▶ **Task directions**
A word-for-word copy of the records that follow is needed, with every picture omitted.

[Data — start]

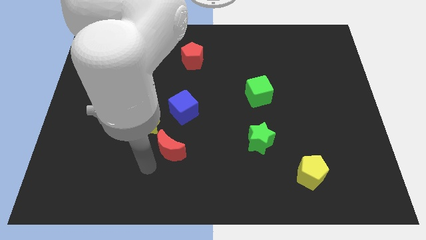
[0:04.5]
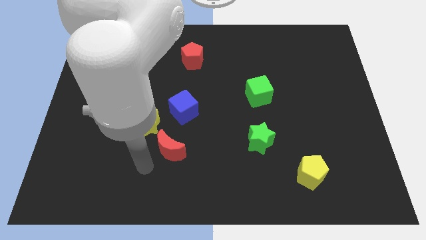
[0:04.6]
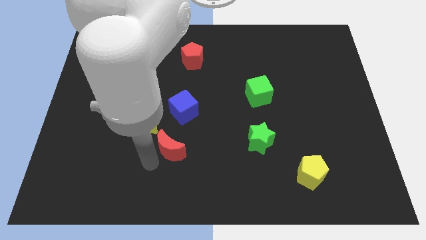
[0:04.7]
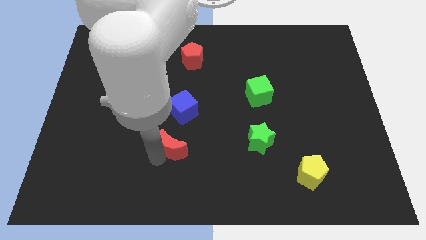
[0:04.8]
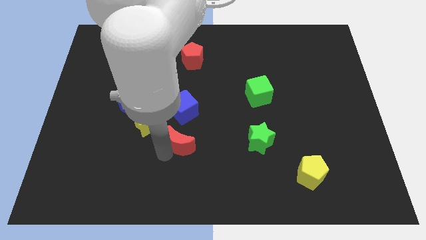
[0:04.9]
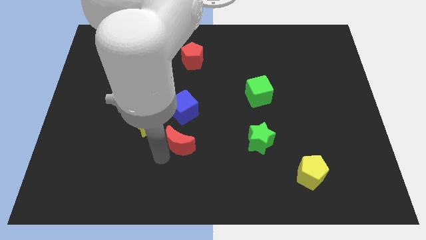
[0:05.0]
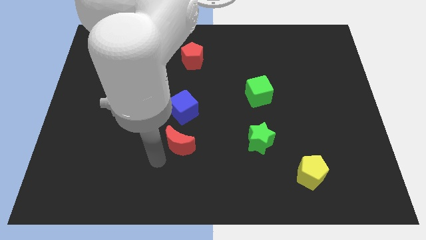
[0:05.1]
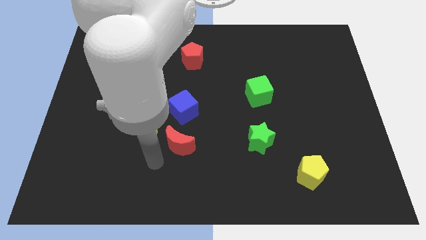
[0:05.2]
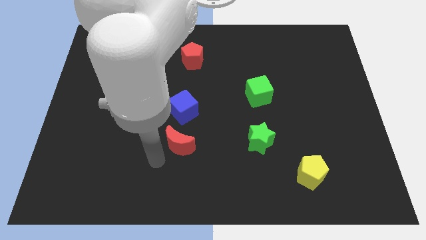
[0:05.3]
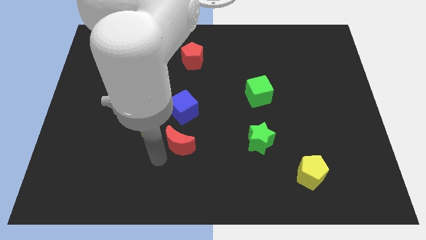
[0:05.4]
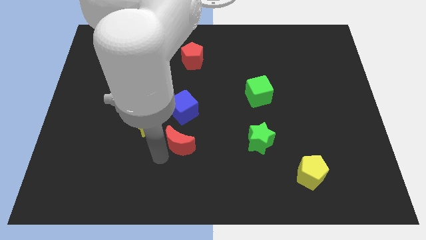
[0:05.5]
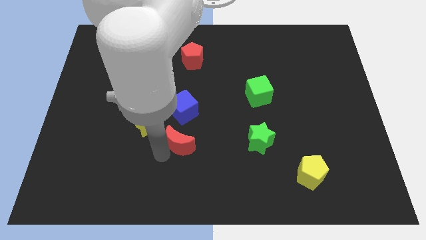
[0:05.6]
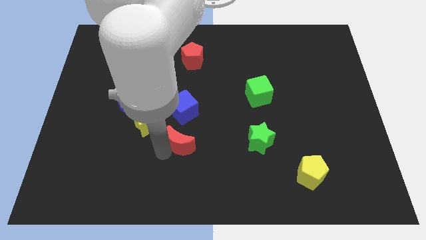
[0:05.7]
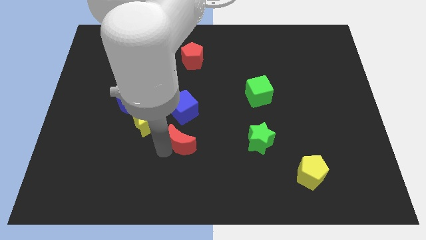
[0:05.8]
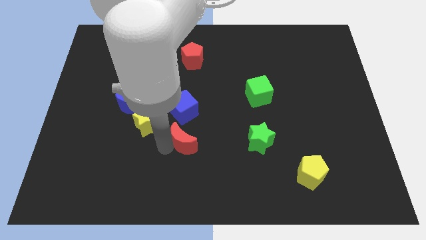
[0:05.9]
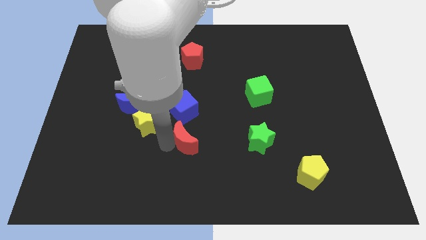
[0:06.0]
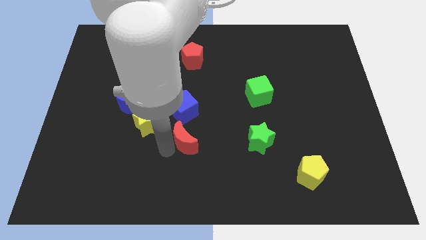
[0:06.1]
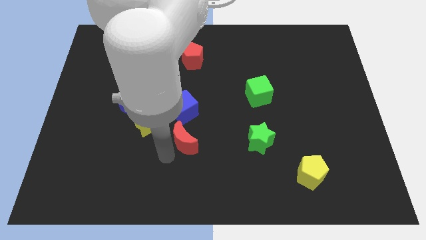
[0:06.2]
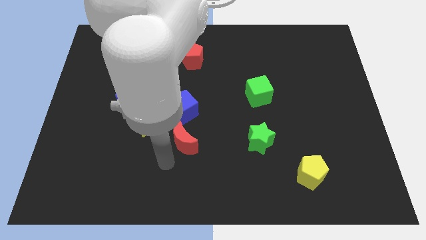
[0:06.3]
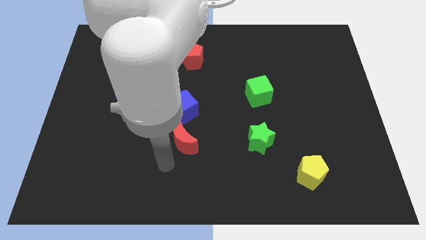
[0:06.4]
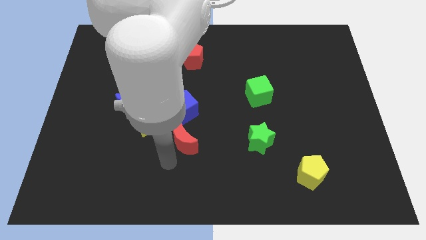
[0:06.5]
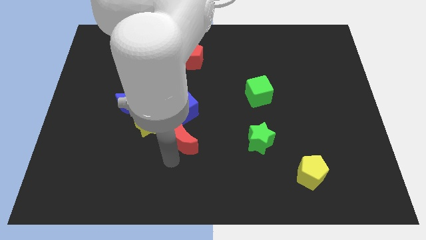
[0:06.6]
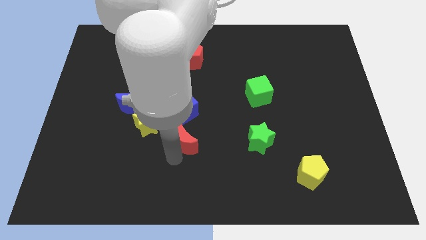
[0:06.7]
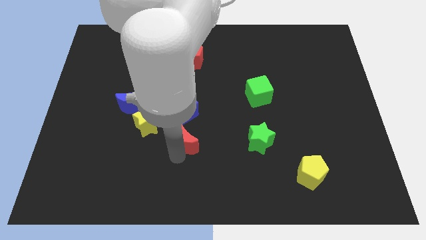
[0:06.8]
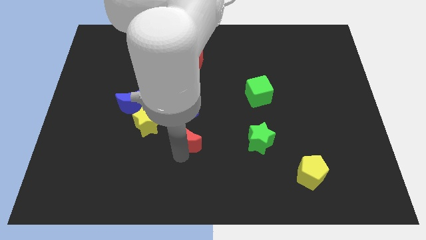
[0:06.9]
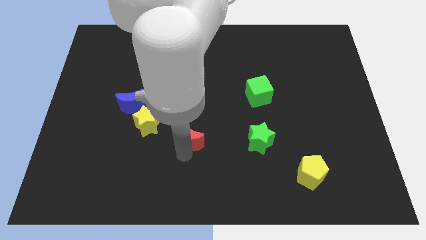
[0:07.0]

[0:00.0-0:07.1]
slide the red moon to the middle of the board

[Data — finish]

▶ **Solved exercise**
[0:04.5]
[0:04.6]
[0:04.7]
[0:04.8]
[0:04.9]
[0:05.0]
[0:05.1]
[0:05.2]
[0:05.3]
[0:05.4]
[0:05.5]
[0:05.6]
[0:05.7]
[0:05.8]
[0:05.9]
[0:06.0]
[0:06.1]
[0:06.2]
[0:06.3]
[0:06.4]
[0:06.5]
[0:06.6]
[0:06.7]
[0:06.8]
[0:06.9]
[0:07.0]

[0:00.0-0:07.1]
slide the red moon to the middle of the board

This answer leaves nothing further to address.